From a scientific point of view, it is important to note that findings from data mining are not the same as scientific facts in the traditional sense. For the more applied sports science domain, these findings can still be highly informative as a basis for generating new data-driven hypotheses. The findings from our approach, could be used to inform about a fingerprint of tactical behavior. With such a fingerprint, pertinent questions in the sports science domain can be further examined, such as how tactics develops with age, or the differences between countries. With better tools to analyze tactics in soccer, the next step will be to test the outcome of a specific intervention. When this can be reliably done, this kind of analysis could be used in a tool for coaches. Our long-term vision is that practitioners can experiment with their tactics in a ‘Cockpit’ that would help them come up with the best intervention for the specific situation at hand.

4.1 Conclusions

Tracking data has the clear potential to add context of the goings-on on the pitch to key events.
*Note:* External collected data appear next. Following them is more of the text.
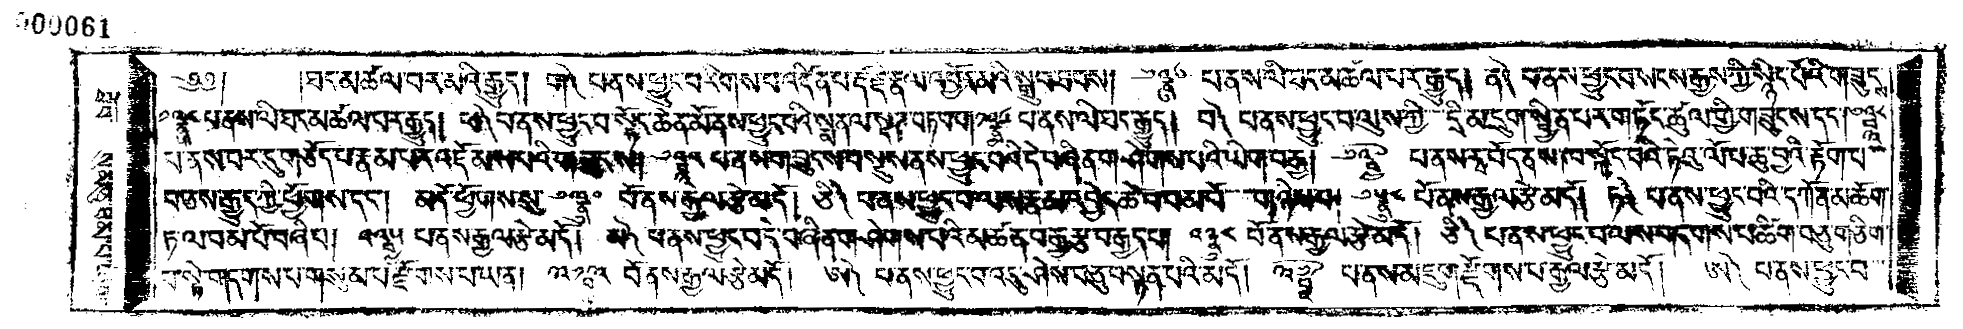༄༅། །ཐང་མཚལ་བར་མའི་རྒྱུད། ག༼་པ་ནས་ཕྱུང་བ་རིགས་པ་འཛིན་པ་རྡོ་རྗེ་རྣལ་འབྱོར་མའི་སྒྲུབ་ཐབས། ༦༢༦ན༦་པ་ནས་ལི་ཐང་མཚལ་པར་རྒྱུད། ན༽ པ་ནས་ཕྱུང་བ་སངས་རྒྱས་ཀྱི་སྙིང་པོའི་གཟུངས་
༡༢༨ན༥་པ་ནས་ལེ་ཐང་མཚལ་པར་རྒྱུད། ཕ༼༽ པ་ནས་ཕྱུང་བ་སྟོང་ཆེན་མོ་ནས་ཕྱུང་བའི་སྨན་ལ་སྔཌ་བཏབ་བ། ༡༢༦ན༤་པ་ནས་ལི་ཐང་རྒྱུད། བ་པ་ནས་ཕྱུང་བ་ལུས་ཀྱི་དྲི་མ་དྲུག་སྦྱིན་པར་གཏོང་ཚུལ་གྱི་གཟུངས་དང་། ༡༢༨བ༣
པ་ནས་བར་དུ་གཅོད་པ་རྣམ་པར་འཇོམས་པའི་གཟུངས། ༡༢༢བ༣་པ་ནས་གཟུངས་བསྡུས་ནས་ཕྱུང་བའི་དེ་བཞིན་གཤེགས་པའི་ཡིག་བརྒྱ། ༦༢༩བ༤་པ་ནས་རྭ་བོད་ནས་ཁ་སྐོང་བའི་ཏེའུ་ལོ་པ་ཆུ་བྱའི་རྟོག་པ་
བཅས་རྒྱུད་ཀྱི་ཕྱོགས་དང་། མདོ་ཕྱོགས་སུ ༡༣༠ན༦་པོ་ནས་རྒྱལ་རྩེ་མདོ། ཅི༼་པ་ནས་ཕྱུང་བ་ལས་རྣམ་འབྱེད་ཆེ་བ་བམ་བོ་གཉིས་པ། ༦༥༨ན༦་པོ་ནས་རྒྱལ་རྩེ་མདོ། ཏ༽ པ་ནས་ཕྱུང་བའི་དཀོན་མཆོག་
ཏ་ལ་བམ་པོ་བཞི་པ། ༢༢༥བ༤་པ་ནས་རྒྱལ་རྩེ་མདོ། མ༼་པ་ནས་ཕྱུང་བ་དེ་བཞིན་གཞིན་གཤེགས་པའི་མཚན་བརྒྱ་རྩ་བརྒྱད་པ། ༢༢༨ན༦་བོ་ནས་རྒྱལ་རྩེ་མདོ། ཅི༽ པ་ནས་ཕྱུང་བ་ལས་གདགས་པ་ཚིག་བཅུ་གཅིག་
པ་སྟེ་གདགས་པ་གསུམ་པ་རྫོགས་པ་ཡན། ༣༡༣བ༦་བོ་ནས་རྒྱལ་རྩེ་མདོ། ཨ༼་པ་ནས་ཕྱུང་བ་འདུ་ཤེས་བཅུ་བསྟན་པའི་མདོ། ༣༦༩བ༢་པ་ནས་མཇུག་རྫོགས་པ་རྒྱལ་རྩེ་མདོ། ཨ༽ པ་ནས་ཕྱུང་བ་
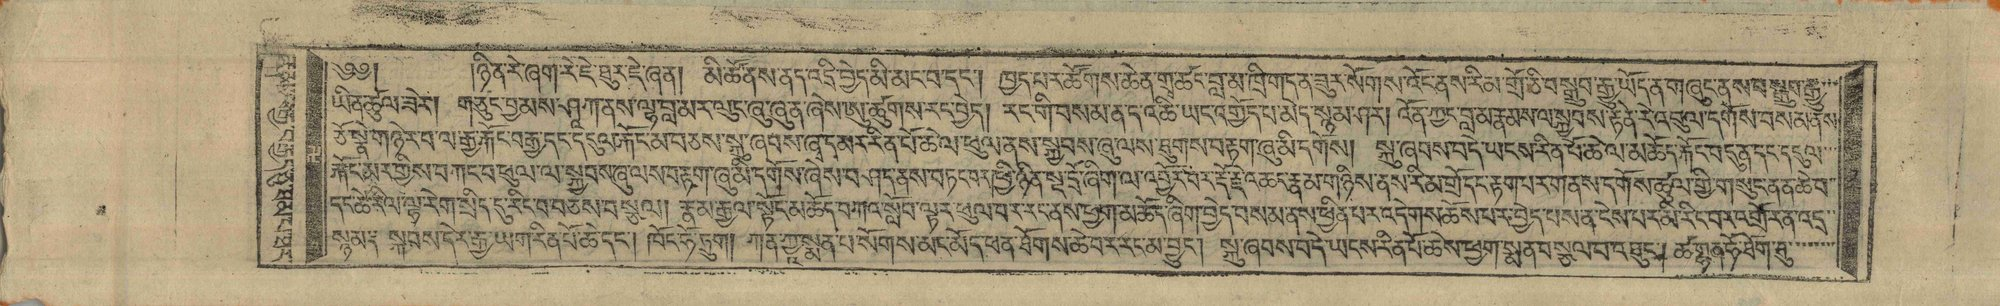༄༅། །ཉིན་རེ་ཞག་རེ་ཇེ་ཐུར་ཇེ་ཞན། མི་ཚོ་ནས་ནད་འདྲི་བྱེད་མི་མང་བ་དང་། ཁྱད་པར་ཚོགས་ཆེན་གྲྭ་ཚང་བླ་མ་ཁྲི་གདན་ཟུར་སོགས་འོང་ནས་རིམ་གྲོ་ཅི་བསྒྲུབ་རྒྱུ་ཡོད་ན་གཞུང་ནས་བསྒྲུབ་རྒྱུ་
ཡིན་ཚུལ་ཟེར། གཅུང་བྱམས་ཤཱཀ་ནས་ལྷ་བླ་མར་ལུང་ཞུ་ཞུ་ན་ཞེས་ཨུ་ཚུགས་རང་བྱེད། རང་གི་བསམ་ན་ད་འཆི་ཡང་འགྱོད་པ་མེད་སྙམ་ཤར། འོན་ཀྱང་བླ་མ་རྣམས་ལ་སྐྱབས་རྟེན་རེ་འབུལ་དགོས་བསམ་ནས་
ཅོ་སྣེ་གཉེར་བ་ལ་རྒྱ་རྐོང་བརྒྱ་དང་དངུལ་རྐོང་མ་བཅས་སྐུ་ཞབས་ཞྭ་དམར་རིན་པོ་ཆེ་ལ་ཕུལ་ནས་སྐྱབས་ཞུ་ལས་ཐུགས་བརྟག་ཞུ་མི་དགོས། སྐུ་ཞབས་བདེ་ཡངས་རིན་པོ་ཆེ་ལ་མཆོད་རྐོང་བདུན་དང་དངུལ་
རྐོང་མར་གྱིས་བཀང་བ་ཕུལ་ལ་སྐྱབས་ཞུ་ལས་བརྟག་ཞུ་མི་དགོས་ཞེས་བཤད་ནས་བཏང་བར། ཕྱི་ཉིན་སྔ་དྲོ་ཞིག་ལ་འབྱོར་བར་རྡོ་རྗེ་འཆང་རྣམ་གཉིས་ནས་རིམ་གྲོ་དང་རྟག་པར་གནས་དགོས་ཚུལ་གྱི་གསུང་ནན་ཆེ་བ་
དང་ཚེ་རིལ་ལྷ་རེག་སྲིད་དུ་རིང་བ་བཅས་བསྩལ། རྣམ་རྒྱལ་སྟོང་མཆོད་བཀའ་སློབ་ལྟར་ཕུལ་བར་རང་ནས་ཕྱག་མཆོད་ཞིག་བྱེད་བསམ་ནས་ཕྱིན་པར་འདེགས་ཆོས་པར་བྱེད་པས་ན་ངེས་པར་མི་རིང་བར་འགྲོ་རན་འདྲ་
སྙམ༑ སྐབས་དེར་རྒྱ་ཡག་རིན་པོ་ཆེ་དང་། ཁོང་ཧོ་ཏྲུག །ཀན་ཀྱཱ་སྨན་པ་སོགས་མང་མོད་ཕན་ཐོགས་ཆེ་བར་རང་མ་བྱུང་། སྐུ་ཞབས་བདེ་ཡངས་རིན་པོ་ཆེས་ཕྱག་སྨན་བསྩལ་བ་འཐུང་། ཚ་གྷན་ཧོ་ཐོག་ཐུ་
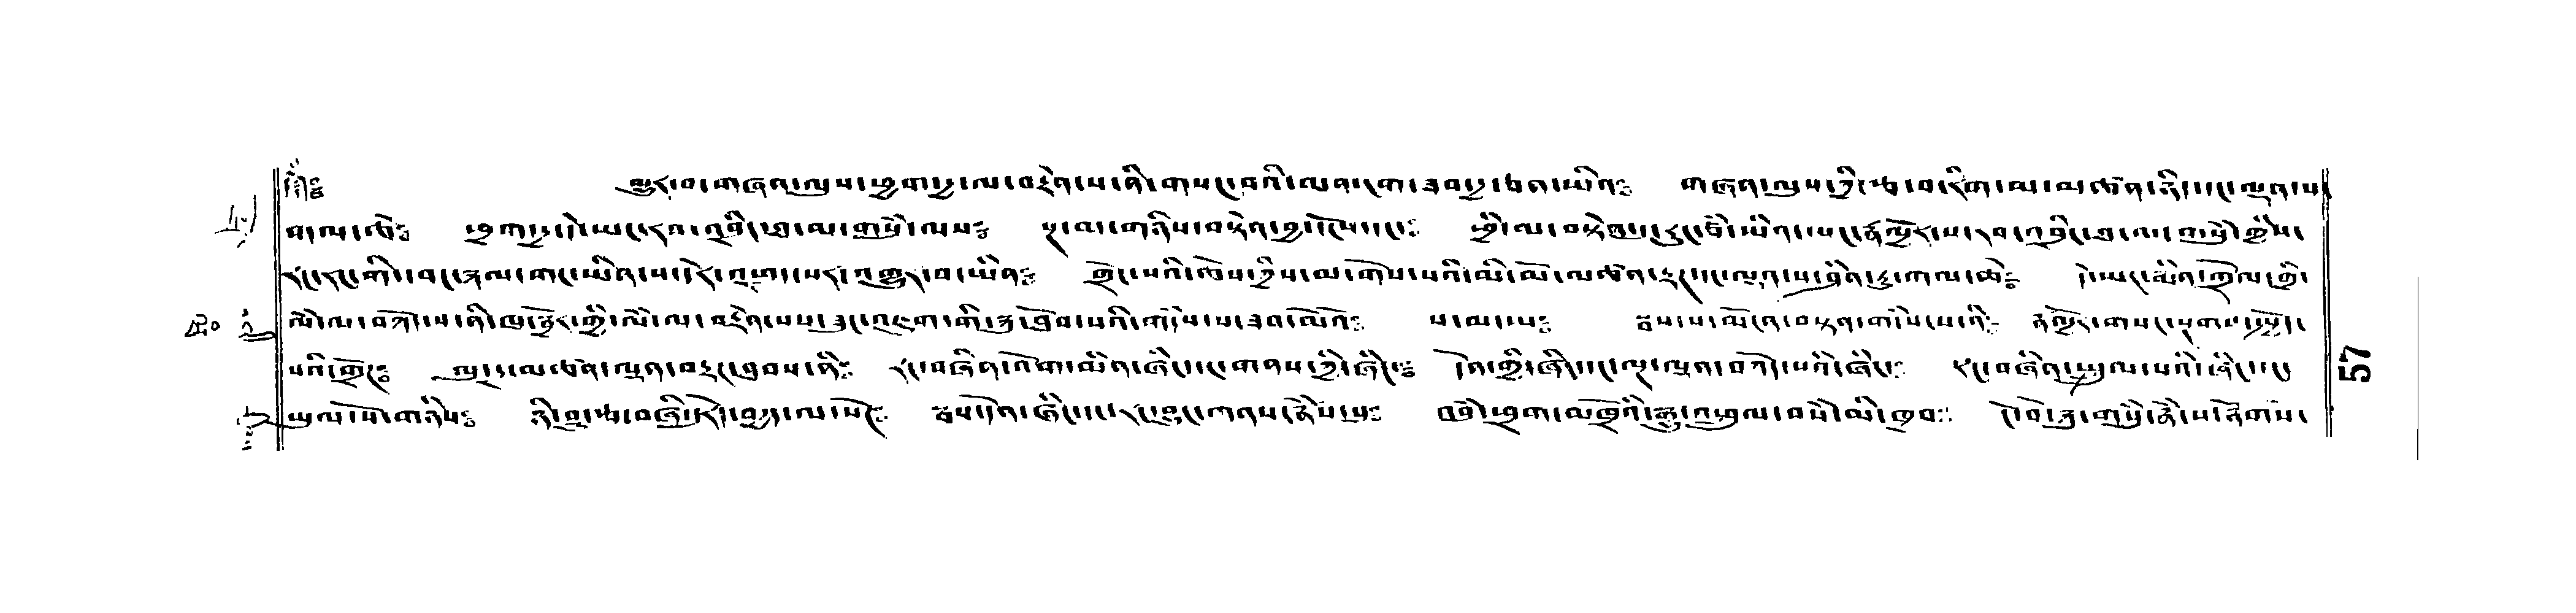མྱུར་བ་གཞན་ལུས་ཕྱག་རྒྱ་ལ་བརྟེན་པ་ནི་གསང་བའི་མན་ངག་ཟབ་རྒྱ་ཅན་ཡིན༔ གཞན་ལུས་ཀྱི་རྩ་བ་རིག་མ་མཚན་ཉིད་དང་ལྡན་པ་
གལ་ཆེ༔ ཕྱག་རྒྱ་དེ་ཡང་རབ་འབྲིང་ཐ་མ་གསུམ་ལས༔ སྔ་མ་གཉིས་བསྟེན་བྱ་དངོས་དང༔ ཕྱི་མ་བསྟེན་དུ་རུང་ཙམ་ཡིན་ཡང་རྣལ་འབྱོར་པ་རབ་འབྲིང་ཐ་མ་གསུམ་གྱིས་
རང་རང་གི་དབང་སྐལ་གང་ཡིན་པ་དེར་འཕྲད་པར་འགྱུར་བ་ཡིན༔ གྲོང་པའི་ཆོས་ཀྱིས་མ་གོས་པའི་མི་མོ་མཚན་རྟགས་དང་ལྡན་པ་ཤིན་ཏུ་གལ་ཆེ༔ དེ་ཡང་སྨིན་གྲོལ་གྱི་
ལམ་ལ་བཀོད་པ་ནི་ཁ་སྦྱོར་གྱི་ལམ་ལ་བརྟེན་པས་ཟུང་འཇུག་གི་སྐུ་ཐོབ་པའི་གདམས་པ་ཟབ་མོའོ༔ ས་མ་ཡ༔ སྦས་པ་མངོན་བསྟན་གདམས་པ་ནི༔ རྣལ་འབྱོར་གསང་སྔགས་སྤྱོད་
པའི་གྲོགས༔ མུ་དྲ་མཚན་ལྡན་བརྟག་ཐབས་ནི༔ རང་བཞིན་འོག་མིན་ཞིང་དང་གནས་ཀྱི་ཞིང༔ དོན་གྱི་ཞིང་དང་ལྔ་ལྡན་བཀོད་པའི་ཞིང༔ རང་བཞིན་སྤྲུལ་པའི་ཞིང་དང་
ཡུལ་སོ་གཉིས༔ ཉི་ཤུ་རྩ་བཞི་དུར་ཁྲོད་བརྒྱད་ལ་སོགས༔ སྦས་དོན་ཞིང་དང་རང་བྱུང་གནས་རྣམས་སུ༔ འབུམ་ཕྲག་མཁའ་འགྲོའི་སྒྱུ་འཕྲུལ་བསམ་མི་ཁྱབ༔ ངོ་བོ་སྐུ་གསུམ་རྣམ་པ་སྣ་ཚོགས་
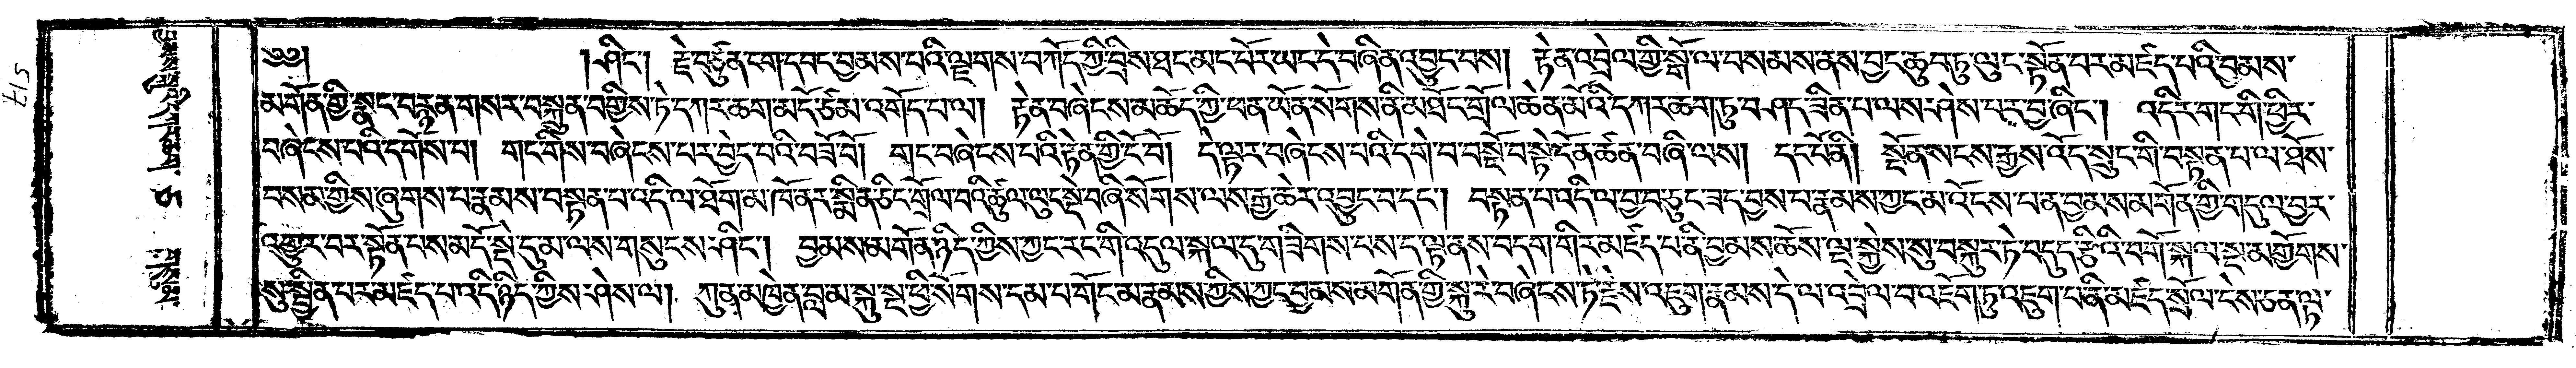༄༅། །ཤིང་། རྗེ་བཙུན་ངག་དབང་བྱམས་པའི་ལྗགས་བཀོད་ཀྱི་བྲིས་ཐང་མང་པོར་ཡང་དེ་བཞིན་འབྱུང་བས། རྟེན་འབྲེལ་གྱི་སྒོ་ལ་བསམས་ནས་བྱང་ཆུབ་ཏུ་ལུང་སྟོན་པར་མཛད་པའི་བྱམས་
མགོན་ཀྱི་སྣང་བརྙན་གསར་བསྐྲུན་བགྱིས་ཏེ་དཀར་ཆག་མདོ་ཙམ་འགོད་པ་ལ། རྟེན་བཞེངས་མཆོད་ཀྱི་ཕན་ཡོན་སོགས་ནི་མཐོང་གྲོལ་ཆེན་མོའི་དཀར་ཆག་ཏུ་བཤད་ཟིན་པ་ལས་ཤེས་པར་བྱ་ཞིང་། འདིར་གང་གི་ཕྱིར་
བཞེངས་པའི་དགོས་པ། གང་གིས་བཞེངས་པར་བྱེད་པའི་བཟོ་བོ། གང་བཞེངས་པའི་རྟེན་གྱི་ངོ་བོ། །དེ་ལྟར་བཞེངས་པའི་དགེ་བ་བསྔོ་བ་སྟེ་དོན་ཚན་བཞི་ལས། དང་པོ་ནི། སྔོན་སངས་རྒྱས་འོད་སྲུང་གི་བསྟན་པ་ལ་ཐོས་
བསམ་གྱིས་ཞུགས་པ་རྣམས་བསྟན་པ་འདི་ལ་ཐོག་མ་ཁོ་ནར་སྨིན་ཅིང་གྲོལ་བའི་ཚུལ་ལུང་སྡེ་བཞི་སོགས་ལས་རྒྱ་ཆེར་འབྱུང་བ་དང་། བསྟན་པ་འདི་ལ་བྱ་བ་ཅུང་ཟད་བྱས་པ་རྣམས་ཀྱང་མ་འོངས་པ་ན་བྱམས་མགོན་གྱི་གདུལ་བྱར་
འགྱུར་བར་སྟོན་པས་མདོ་སྡེ་དུ་མ་ལས་གསུངས་ཤིང་། བྱམས་མགོན་ཉིད་ཀྱིས་ཀྱང་རང་གི་འདུལ་སྐལ་དུ་གཟིགས་པས་ད་ལྟ་ནས་བདག་གིར་མཛད་པ་ནི་བྱམས་ཆོས་ལྔ་སྐྱེས་སུ་བསྐུར་ཏེ་བདུད་རྩིའི་བགོ་སྐལ་སྔ་མགྱོགས་
སུ་སྦྱིན་པར་མཛད་པ་འདི་ཉིད་ཀྱིས་ཤེས་ལ། ཀུན་མཁྱེན་བླ་མ་སྐུ་སྔ་ཕྱི་སོགས་དམ་པ་གོང་མ་རྣམས་ཀྱིས་ཀྱང་བྱམས་མགོན་གྱི་སྐུ་རེ་བཞེངས་ཏེ་རྗེས་འཇུག་རྣམས་དེ་ལ་འབྲེལ་བ་འཇོག་ཏུ་འཇུག་པ་ནི་མཛད་སྲོལ་ངེས་ཅན་ལྟ་

Our methodological approach shows that interpretable and actionable results could be obtained by systematically exploring many metrics and determining how well they represent success and with which thresholds. Our work also shows that care must be taken in generating features, as it is inevitable that many arbitrary decisions have to be made. With more data available, data mining techniques should be employed to critically assess which metrics best represent success. Future work should focus on further developing the metrics that represent the context-of-play. Moreover, future analyses should take the playing style of specific teams, and maybe even players, into account. By making a head-to-head comparison between teams, the contrasts could best highlight the strengths and weaknesses for a specific team against another specific team.

Our proposed modelling approach can be used to further understand tactics in invasion-based team sports by comparing specific targets, teams and styles of play. When the full potential of tracking data is captured, it will affect the way soccer and possibly other team sports are played.